### WORK REQUEST
Write out exactly the lines of the entries below from the one holding "#8386 = CARTESIAN_POINT" to the one holding "#10907 = ORIENTED_EDGE", inclusive, and leave out all other lines.

[GIVEN RECORDS Boundary: Start]

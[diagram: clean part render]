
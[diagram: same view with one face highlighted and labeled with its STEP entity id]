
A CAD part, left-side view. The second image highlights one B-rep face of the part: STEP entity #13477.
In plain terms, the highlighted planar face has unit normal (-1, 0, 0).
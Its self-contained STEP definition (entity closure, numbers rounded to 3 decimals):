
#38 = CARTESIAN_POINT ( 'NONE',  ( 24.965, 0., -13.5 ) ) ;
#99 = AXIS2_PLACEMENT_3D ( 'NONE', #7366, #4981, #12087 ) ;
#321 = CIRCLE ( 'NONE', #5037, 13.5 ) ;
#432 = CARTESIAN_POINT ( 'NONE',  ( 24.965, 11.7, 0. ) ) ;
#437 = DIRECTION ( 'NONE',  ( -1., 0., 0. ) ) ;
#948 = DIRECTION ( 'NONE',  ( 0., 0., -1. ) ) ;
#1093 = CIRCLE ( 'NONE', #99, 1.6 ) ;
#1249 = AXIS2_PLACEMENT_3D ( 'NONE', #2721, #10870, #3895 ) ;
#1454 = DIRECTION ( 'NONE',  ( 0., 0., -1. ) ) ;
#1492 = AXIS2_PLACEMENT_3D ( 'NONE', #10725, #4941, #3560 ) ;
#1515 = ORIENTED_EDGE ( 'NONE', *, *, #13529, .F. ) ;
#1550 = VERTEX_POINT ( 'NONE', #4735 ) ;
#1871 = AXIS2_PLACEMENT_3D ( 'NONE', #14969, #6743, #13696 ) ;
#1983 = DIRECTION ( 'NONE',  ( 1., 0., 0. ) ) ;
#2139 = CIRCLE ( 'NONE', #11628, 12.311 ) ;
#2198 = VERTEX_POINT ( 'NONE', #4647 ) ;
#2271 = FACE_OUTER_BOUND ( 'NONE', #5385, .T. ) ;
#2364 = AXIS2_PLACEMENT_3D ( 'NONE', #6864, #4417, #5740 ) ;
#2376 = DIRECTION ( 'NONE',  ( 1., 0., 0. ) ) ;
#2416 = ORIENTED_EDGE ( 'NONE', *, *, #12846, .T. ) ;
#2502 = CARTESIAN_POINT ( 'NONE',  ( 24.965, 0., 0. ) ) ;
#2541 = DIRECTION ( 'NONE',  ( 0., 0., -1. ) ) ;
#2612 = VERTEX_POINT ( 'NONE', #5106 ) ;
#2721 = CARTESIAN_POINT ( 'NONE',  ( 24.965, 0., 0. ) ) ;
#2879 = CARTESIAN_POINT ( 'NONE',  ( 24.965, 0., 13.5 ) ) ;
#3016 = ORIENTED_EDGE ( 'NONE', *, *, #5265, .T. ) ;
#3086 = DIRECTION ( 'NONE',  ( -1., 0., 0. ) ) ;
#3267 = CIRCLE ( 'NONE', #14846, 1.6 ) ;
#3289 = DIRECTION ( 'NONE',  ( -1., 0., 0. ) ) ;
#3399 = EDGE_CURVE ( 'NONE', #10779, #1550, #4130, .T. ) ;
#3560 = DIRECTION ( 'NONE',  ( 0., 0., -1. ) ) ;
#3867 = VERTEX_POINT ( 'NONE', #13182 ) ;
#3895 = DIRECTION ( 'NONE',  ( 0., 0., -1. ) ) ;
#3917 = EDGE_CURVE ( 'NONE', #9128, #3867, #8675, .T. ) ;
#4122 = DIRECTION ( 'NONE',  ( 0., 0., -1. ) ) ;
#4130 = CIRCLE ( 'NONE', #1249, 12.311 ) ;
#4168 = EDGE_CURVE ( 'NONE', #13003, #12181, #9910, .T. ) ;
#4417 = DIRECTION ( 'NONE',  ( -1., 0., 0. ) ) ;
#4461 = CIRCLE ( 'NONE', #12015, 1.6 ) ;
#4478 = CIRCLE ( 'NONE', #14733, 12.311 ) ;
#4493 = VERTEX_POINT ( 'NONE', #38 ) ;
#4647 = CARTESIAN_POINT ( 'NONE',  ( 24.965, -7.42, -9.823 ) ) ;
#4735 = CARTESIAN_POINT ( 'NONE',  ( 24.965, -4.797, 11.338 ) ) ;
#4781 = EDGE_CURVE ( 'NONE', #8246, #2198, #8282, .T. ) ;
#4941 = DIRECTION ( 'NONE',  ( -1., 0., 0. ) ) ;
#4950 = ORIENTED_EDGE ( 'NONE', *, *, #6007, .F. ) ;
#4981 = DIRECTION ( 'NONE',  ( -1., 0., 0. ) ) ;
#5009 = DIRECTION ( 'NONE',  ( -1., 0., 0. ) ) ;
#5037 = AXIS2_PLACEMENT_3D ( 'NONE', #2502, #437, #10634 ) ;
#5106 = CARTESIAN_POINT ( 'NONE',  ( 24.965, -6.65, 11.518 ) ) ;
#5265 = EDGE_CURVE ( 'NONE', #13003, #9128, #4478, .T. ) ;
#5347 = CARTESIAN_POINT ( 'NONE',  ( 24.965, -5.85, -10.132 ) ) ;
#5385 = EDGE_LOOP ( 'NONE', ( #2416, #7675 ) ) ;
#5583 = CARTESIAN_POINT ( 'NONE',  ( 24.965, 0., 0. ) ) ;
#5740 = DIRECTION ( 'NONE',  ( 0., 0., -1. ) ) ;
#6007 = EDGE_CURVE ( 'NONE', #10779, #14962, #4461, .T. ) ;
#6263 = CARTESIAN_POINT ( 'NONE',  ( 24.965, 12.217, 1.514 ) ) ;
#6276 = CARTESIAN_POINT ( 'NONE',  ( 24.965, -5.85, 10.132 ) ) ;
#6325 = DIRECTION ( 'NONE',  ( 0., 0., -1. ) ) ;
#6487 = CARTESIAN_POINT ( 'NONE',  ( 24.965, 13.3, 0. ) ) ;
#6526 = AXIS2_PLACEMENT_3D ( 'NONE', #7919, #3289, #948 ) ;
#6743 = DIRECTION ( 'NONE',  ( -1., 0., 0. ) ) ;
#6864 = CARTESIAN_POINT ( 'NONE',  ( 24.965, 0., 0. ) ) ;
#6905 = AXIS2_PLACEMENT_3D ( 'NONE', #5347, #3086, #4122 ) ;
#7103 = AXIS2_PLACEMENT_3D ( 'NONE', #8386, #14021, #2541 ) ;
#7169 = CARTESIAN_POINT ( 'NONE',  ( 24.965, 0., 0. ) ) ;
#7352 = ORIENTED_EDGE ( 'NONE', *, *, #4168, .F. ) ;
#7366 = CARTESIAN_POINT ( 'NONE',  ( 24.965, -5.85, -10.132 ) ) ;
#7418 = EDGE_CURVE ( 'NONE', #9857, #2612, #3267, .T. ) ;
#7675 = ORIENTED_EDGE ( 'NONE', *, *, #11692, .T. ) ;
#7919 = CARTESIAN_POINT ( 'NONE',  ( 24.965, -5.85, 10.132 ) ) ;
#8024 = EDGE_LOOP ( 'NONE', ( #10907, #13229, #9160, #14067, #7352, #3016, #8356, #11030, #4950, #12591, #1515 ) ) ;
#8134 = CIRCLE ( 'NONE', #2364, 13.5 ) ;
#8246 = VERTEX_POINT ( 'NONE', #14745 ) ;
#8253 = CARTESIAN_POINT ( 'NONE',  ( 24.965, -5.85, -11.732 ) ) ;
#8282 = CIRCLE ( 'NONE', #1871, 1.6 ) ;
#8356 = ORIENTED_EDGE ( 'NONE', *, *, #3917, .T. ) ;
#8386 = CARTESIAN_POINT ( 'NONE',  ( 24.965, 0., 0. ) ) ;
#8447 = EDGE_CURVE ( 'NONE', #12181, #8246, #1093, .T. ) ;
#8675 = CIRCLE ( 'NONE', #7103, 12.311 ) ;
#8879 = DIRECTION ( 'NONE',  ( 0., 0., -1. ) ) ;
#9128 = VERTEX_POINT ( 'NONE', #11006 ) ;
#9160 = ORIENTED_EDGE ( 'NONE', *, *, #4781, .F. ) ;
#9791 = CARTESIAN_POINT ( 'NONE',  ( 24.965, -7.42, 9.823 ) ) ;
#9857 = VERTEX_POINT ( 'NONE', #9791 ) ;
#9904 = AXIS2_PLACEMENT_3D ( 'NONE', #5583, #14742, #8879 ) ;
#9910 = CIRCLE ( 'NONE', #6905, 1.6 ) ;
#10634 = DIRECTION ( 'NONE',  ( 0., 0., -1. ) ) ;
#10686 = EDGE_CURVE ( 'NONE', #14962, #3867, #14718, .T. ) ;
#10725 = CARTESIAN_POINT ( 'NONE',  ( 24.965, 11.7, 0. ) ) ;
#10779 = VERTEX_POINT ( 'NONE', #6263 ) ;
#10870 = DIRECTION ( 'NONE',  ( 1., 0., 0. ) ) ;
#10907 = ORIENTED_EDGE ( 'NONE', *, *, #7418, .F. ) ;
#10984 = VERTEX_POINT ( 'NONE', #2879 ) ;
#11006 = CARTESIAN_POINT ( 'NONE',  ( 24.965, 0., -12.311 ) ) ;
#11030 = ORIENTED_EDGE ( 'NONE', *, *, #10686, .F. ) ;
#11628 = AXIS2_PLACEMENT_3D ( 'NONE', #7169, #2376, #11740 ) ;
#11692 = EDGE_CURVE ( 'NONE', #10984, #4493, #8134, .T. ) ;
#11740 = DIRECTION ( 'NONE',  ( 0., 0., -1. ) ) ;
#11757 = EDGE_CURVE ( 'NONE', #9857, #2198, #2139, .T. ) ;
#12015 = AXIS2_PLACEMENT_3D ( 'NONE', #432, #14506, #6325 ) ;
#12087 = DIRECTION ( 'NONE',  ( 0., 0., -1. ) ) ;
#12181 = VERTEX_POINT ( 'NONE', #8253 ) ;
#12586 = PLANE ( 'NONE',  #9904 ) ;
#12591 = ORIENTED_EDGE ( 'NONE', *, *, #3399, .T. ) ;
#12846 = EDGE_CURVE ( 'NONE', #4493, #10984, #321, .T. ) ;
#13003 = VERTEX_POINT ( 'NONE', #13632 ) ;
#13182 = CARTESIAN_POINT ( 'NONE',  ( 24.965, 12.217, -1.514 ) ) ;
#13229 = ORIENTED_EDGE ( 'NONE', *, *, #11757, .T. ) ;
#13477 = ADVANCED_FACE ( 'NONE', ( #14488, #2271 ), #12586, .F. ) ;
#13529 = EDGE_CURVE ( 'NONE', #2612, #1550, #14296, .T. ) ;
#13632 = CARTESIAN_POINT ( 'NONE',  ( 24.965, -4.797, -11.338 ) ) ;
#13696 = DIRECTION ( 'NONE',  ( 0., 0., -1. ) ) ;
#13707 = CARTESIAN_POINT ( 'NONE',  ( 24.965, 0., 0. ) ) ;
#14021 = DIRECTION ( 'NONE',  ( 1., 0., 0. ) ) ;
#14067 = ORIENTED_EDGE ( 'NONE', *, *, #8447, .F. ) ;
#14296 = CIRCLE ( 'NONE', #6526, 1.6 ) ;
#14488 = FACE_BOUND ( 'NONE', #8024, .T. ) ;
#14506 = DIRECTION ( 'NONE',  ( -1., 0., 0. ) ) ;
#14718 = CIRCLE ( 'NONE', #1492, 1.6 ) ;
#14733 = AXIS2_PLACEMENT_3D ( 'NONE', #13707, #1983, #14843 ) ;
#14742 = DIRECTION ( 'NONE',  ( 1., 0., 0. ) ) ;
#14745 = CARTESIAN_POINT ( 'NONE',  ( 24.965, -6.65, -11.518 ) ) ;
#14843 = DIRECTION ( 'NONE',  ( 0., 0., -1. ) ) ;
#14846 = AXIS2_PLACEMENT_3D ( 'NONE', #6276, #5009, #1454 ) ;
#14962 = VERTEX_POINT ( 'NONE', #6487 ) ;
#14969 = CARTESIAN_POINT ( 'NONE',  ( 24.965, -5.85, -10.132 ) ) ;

[GIVEN RECORDS Boundary: End]

### PROBLEM SOLUTION
#8386 = CARTESIAN_POINT ( 'NONE',  ( 24.965, 0., 0. ) ) ;
#8447 = EDGE_CURVE ( 'NONE', #12181, #8246, #1093, .T. ) ;
#8675 = CIRCLE ( 'NONE', #7103, 12.311 ) ;
#8879 = DIRECTION ( 'NONE',  ( 0., 0., -1. ) ) ;
#9128 = VERTEX_POINT ( 'NONE', #11006 ) ;
#9160 = ORIENTED_EDGE ( 'NONE', *, *, #4781, .F. ) ;
#9791 = CARTESIAN_POINT ( 'NONE',  ( 24.965, -7.42, 9.823 ) ) ;
#9857 = VERTEX_POINT ( 'NONE', #9791 ) ;
#9904 = AXIS2_PLACEMENT_3D ( 'NONE', #5583, #14742, #8879 ) ;
#9910 = CIRCLE ( 'NONE', #6905, 1.6 ) ;
#10634 = DIRECTION ( 'NONE',  ( 0., 0., -1. ) ) ;
#10686 = EDGE_CURVE ( 'NONE', #14962, #3867, #14718, .T. ) ;
#10725 = CARTESIAN_POINT ( 'NONE',  ( 24.965, 11.7, 0. ) ) ;
#10779 = VERTEX_POINT ( 'NONE', #6263 ) ;
#10870 = DIRECTION ( 'NONE',  ( 1., 0., 0. ) ) ;
#10907 = ORIENTED_EDGE ( 'NONE', *, *, #7418, .F. ) ;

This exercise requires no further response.